PURPOSE: To compare temperature profile characteristics (on and off eye) of two patient-applied heat therapies for meibomian gland dysfunction (MGD): an eye mask containing disposable warming units (EyeGiene(®)) and a microwave-heated flaxseed eye bag(®) (MGDRx EyeBag(®)). METHODS: In vitro evaluation: surface temperature profiles of activated eye masks and heated eye bags(®) (both n=10), were tracked every 10s until return to ambient temperature. Heat-transfer assessment: outer and inner eyelid temperature profiles throughout the eye mask and eye bag(®) treatment application period (10min) were investigated in triplicate. The devices were applied for 12 different time intervals in a randomised order, with a cool-down period in between to ensure ocular temperatures returned to baseline. Temperature measurements were taken before and immediately after each application. RESULTS: In vitro evaluation: on profile, the eye bag(®) surface temperature peaked earlier (0±0 s vs. 100±20 s, p<0.001), cooled more slowly and displayed less variability than the eye mask (all p<0.05). Heat-transfer assessment: the eye bag(®) effected higher peak inner eyelid temperatures (38.1±0.4°C vs. 37.4±0.2°C, p=0.04), as well as larger inner eyelid temperature increases over the first 2 min, and between 9 and 10 min (all p<0.05). CONCLUSIONS: The eye bag(®) surface temperature profile displayed greater uniformity and slower cooling than the eye mask, and was demonstrated to be significantly more effective in raising ocular temperatures than the eye mask, both statistically and clinically. This has implications for MGD treatment, where the melting points of meibomian secretions are likely to be higher with increasing disease severity.

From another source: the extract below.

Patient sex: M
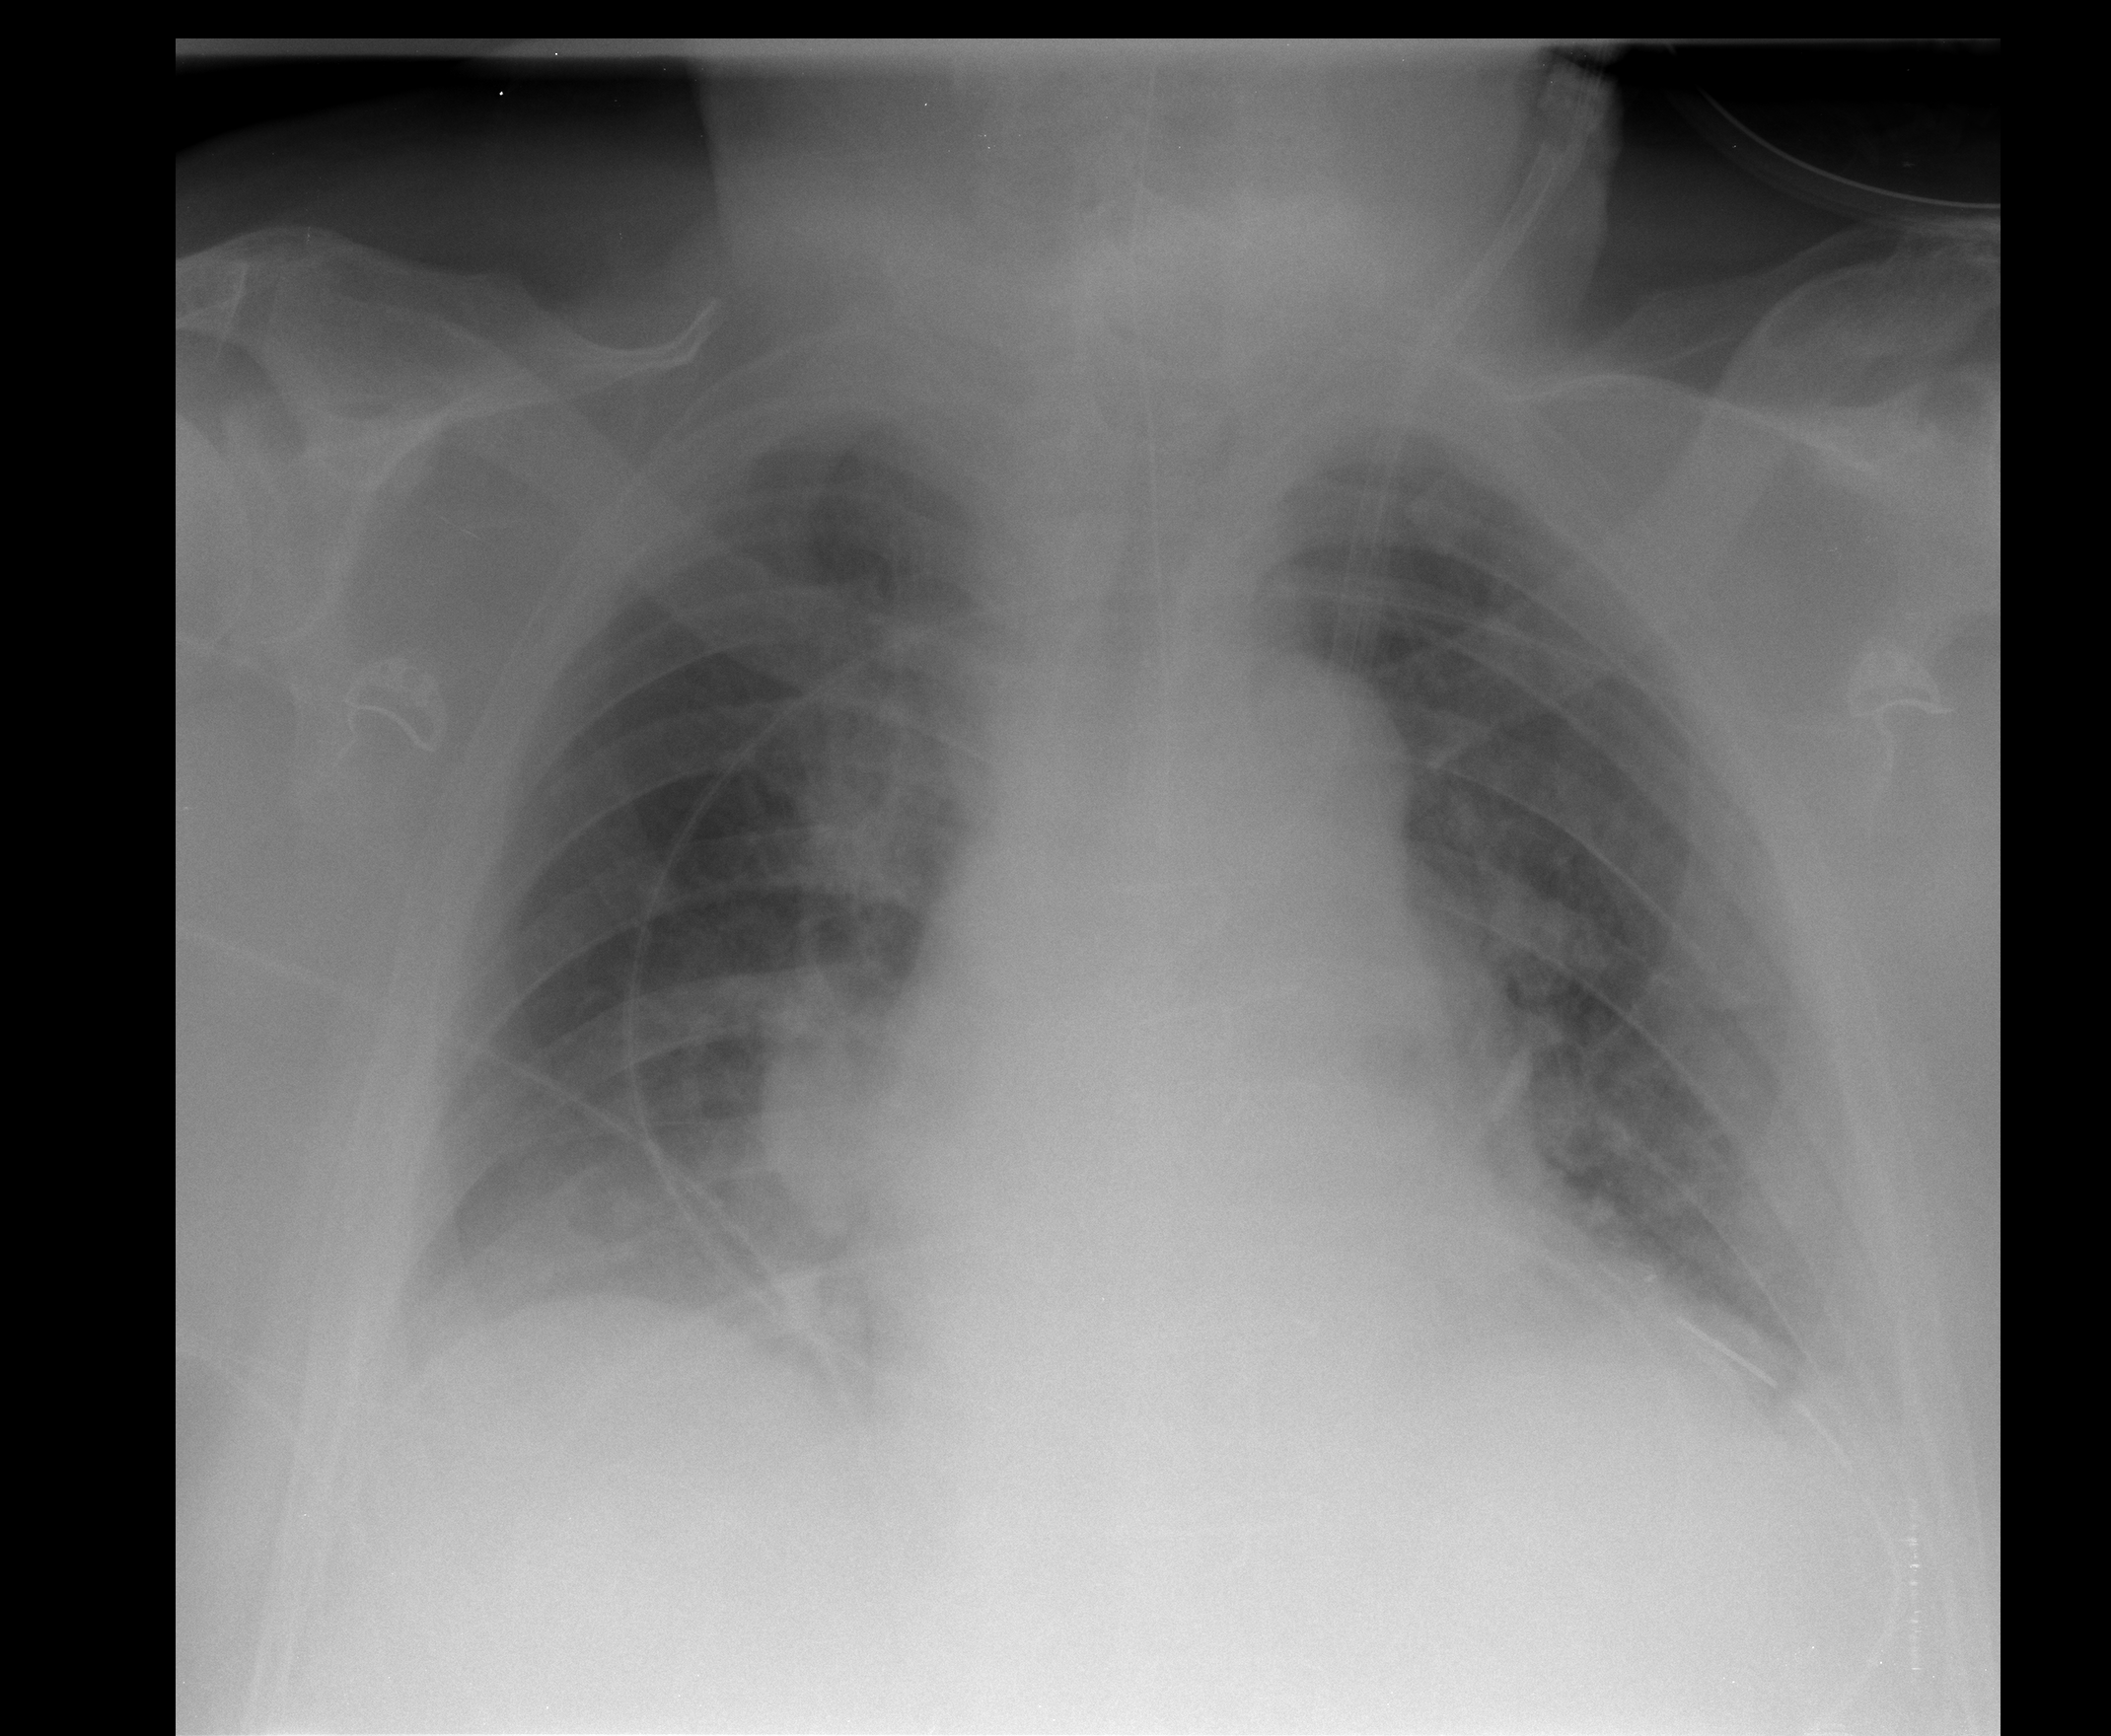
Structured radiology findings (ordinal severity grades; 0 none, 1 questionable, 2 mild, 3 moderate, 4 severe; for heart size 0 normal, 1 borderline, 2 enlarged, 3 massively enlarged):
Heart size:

Comparison of Self-applied Heat Therapy for Meibomian Gland Dysfunction.

PURPOSE: To compare the effects on ocular temperature, lipid layer grade, tear film stability, and tear meniscus height after a single application of two commercially available warm compresses in mild-to-moderate dry eye and to report participant treatment preference. METHODS: Forty-one subjects with mild-to-moderate dry eye symptoms were enrolled in a randomized, paired-eye, investigator-masked trial. Heat was applied simultaneously to one eye (randomized) with a portable eye mask (EyeGiene) and to the contralateral eye with a microwave-heated flaxseed eye bag (MGDRx Eye Bag). Outer and inner eyelid temperatures, tear film lipid layer grade (LLG), and noninvasive tear film breakup time (NIBUT) were measured at baseline and immediately after 10 minutes of device application. RESULTS: Outer and inner eyelid temperatures, LLG, and NIBUT did not differ before treatment between eyes assigned to eye mask and eye bag therapy. All measurements were significantly increased from baseline, after warming with both devices (all p < 0.05). Outer and inner eyelid temperature changes were significantly greater with the eye bag than with the eye mask (outer eyelid, +3.5 ± 1.0°C vs. +2.4 ± 0.8°C; inner eyelid, +3.5 ± 1.0°C vs. +2.5 ± 0.9°C; all p < 0.001), although there was no significant difference in LLG and NIBUT improvement between treatments (all p > 0.05). A majority of subjects (78%) preferred the application of heat with the eye bag over the eye mask. CONCLUSIONS: Both the EyeGiene mask and the MGDRx Eye Bag are convenient eyelid warming devices that result in clinically and statistically significant increases in NIBUT and LLG in patients with mild-to-moderate dry eye symptoms. The MGDRx Eye Bag is more effective in raising ocular temperature and is the preferred treatment method among subjects.